I thought and thought, until I suddenly felt a surge of excitement. I would make a serious effort to write down all these ideas:
Every living creature, no matter whether a pig, a rat, or a human being is the unique result of millions of years of tenacious reproduction, (the process is fraught with danger, the link can be broken at any moment by famine, disease, war, the political system, even yeast spores in the vagina), all living creatures carry with them a millennial inheritance – their family, their history – and are duty-bound to carry this forward. This being the case, what are we, that is, our ancestors and ourselves, doing it for? Or, put it another way, what are we waiting for?

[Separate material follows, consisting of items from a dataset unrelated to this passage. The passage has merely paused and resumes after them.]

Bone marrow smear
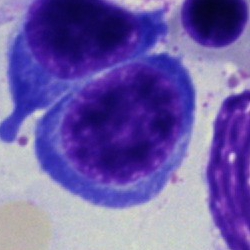 {"cell_type": "nucleated red blood cell", "lineage": "erythroid"}
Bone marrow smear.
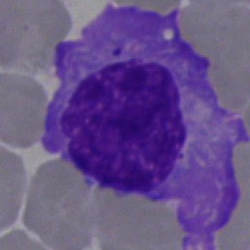
Cell type — plasma cell.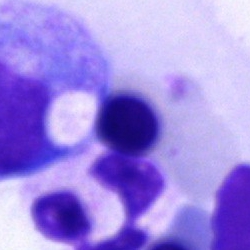 A polymorphonuclear neutrophil.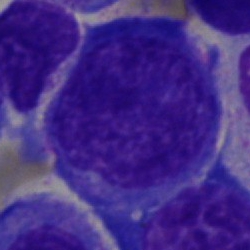
Specimen: bone marrow smear.
Classification: blast cell.
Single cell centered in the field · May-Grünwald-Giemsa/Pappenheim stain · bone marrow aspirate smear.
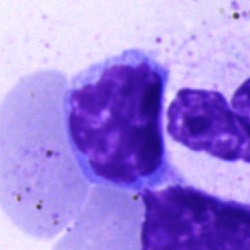 Specimen: bone marrow smear.
Cell: lymphocyte.
Lineage: lymphoid.
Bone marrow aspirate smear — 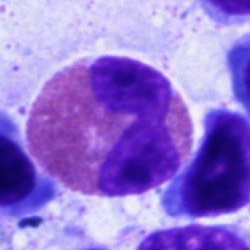

The cell is eosinophil.
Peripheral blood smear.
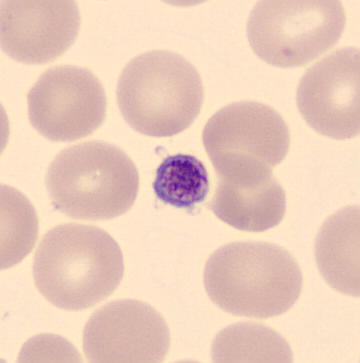

A platelet.
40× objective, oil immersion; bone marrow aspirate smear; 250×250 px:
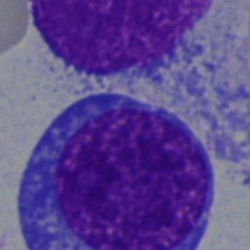

Specimen: bone marrow smear.
Classification: pronormoblast.
Lineage: erythroid.
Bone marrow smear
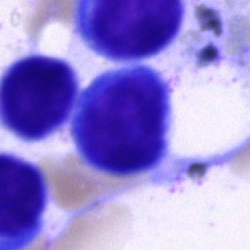 Impression — typical lymphocyte.
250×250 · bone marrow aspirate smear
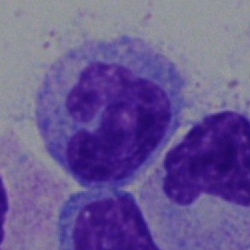The cell shown is a monocyte.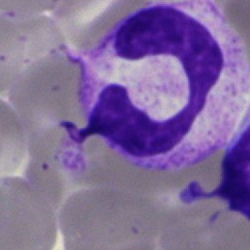Specimen: bone marrow smear.
Classification: polymorphonuclear neutrophil.
Lineage: myeloid.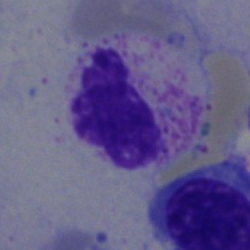 Impression — polymorphonuclear neutrophil.
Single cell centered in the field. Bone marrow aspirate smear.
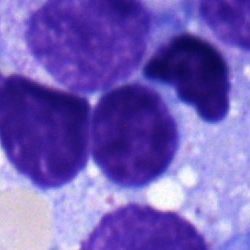Specimen: bone marrow aspirate smear.
Classification: typical lymphocyte.
Lineage: lymphoid.
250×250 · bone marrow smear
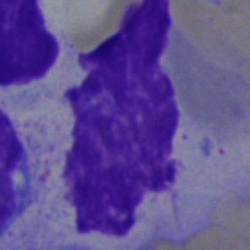 Q: What is shown here?
A: It is an artifact.
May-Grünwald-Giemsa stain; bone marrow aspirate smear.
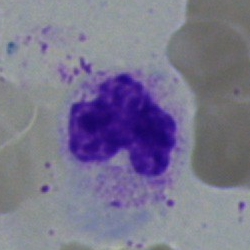
Single cell identified as a neutrophil (segmented).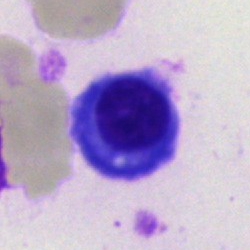
Classification: plasma cell.
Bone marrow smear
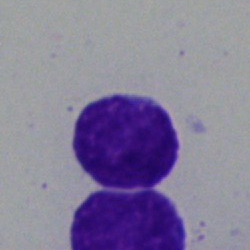

Impression → lymphocyte.
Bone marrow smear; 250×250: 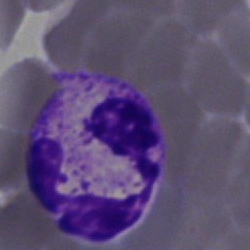
Morphology consistent with a polymorphonuclear neutrophil.
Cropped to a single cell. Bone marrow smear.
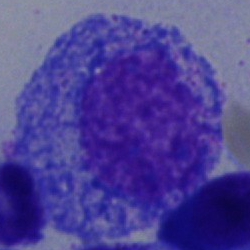Specimen: bone marrow smear.
Morphological class: promyelocyte.
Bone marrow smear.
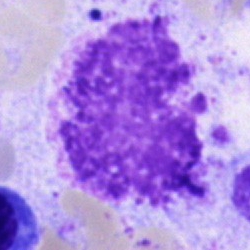 This is an artefact.
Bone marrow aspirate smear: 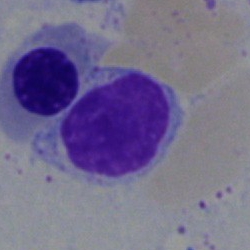

Specimen: bone marrow aspirate smear.
Cell type: lymphocyte.
Lineage: lymphoid.
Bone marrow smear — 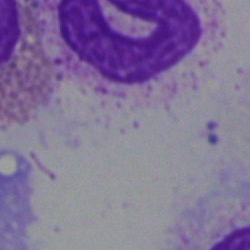Showing an artifact.
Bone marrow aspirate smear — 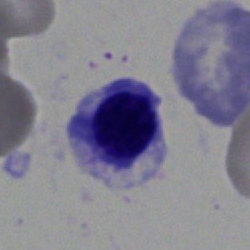{"cell_type": "nucleated red blood cell", "lineage": "erythroid"}

We must have a mission, why else would we tolerate this long, boring wait? Or rather, there must be a conclusion, a climax that makes the long and hugely costly process worthwhile. Surely our lives are more than just getting ourselves something to eat, then mating and dying like male cicadas? So this great, resplendent mission that we accept so cheerfully, what exactly is it? … I spent a whole day gazing up at the blue sky. I figured that in bygone times, there must have been plenty of people doing the same thing. I almost expected a four-horse chariot to come leaping out of the firmament at any moment.
Of course, my train of thought was meaningless (but then, wasn’t every damned thing meaningless?)
Hook-Pinch and I carried on living like this, fixing something to eat and drink when we felt the need. ‘Full to the brim, must overflow,’ as they say about water, and it’s true for sperm too, so we constantly had sex, though we often fell fast asleep, both of us, right in the middle of it. We started to fight tooth and nail to while away the time (that’s pretty much what bullies banged up in prison do). Sometimes we were vicious to each other in the spirit of professionalism, as you might say. Finally one day, she began to pace back and forth, hurling anything within reach to the floor, shrieking like a mad woman: ‘Enough! I’ve had enough, dammit!’ as if those objects were the source of her anguish, and not me. It caused me more distress than if she had yelled at me directly." I’ve done my best, I thought. I looked up, mortified, and stared after her as she went into the bedroom. I expected her to shove her clothes into her case, and slam out of the house. If she did that, it couldn’t be helped. That was what I thought. Instead, she came out of the room, and enunciated slowly and clearly:
‘We’ve got to find something to do.’
I felt mortified. After a bit, she said to me, sounding like a kindergarten teacher admonishing a child, almost taking me by the hand: ‘You do know that, don’t you?’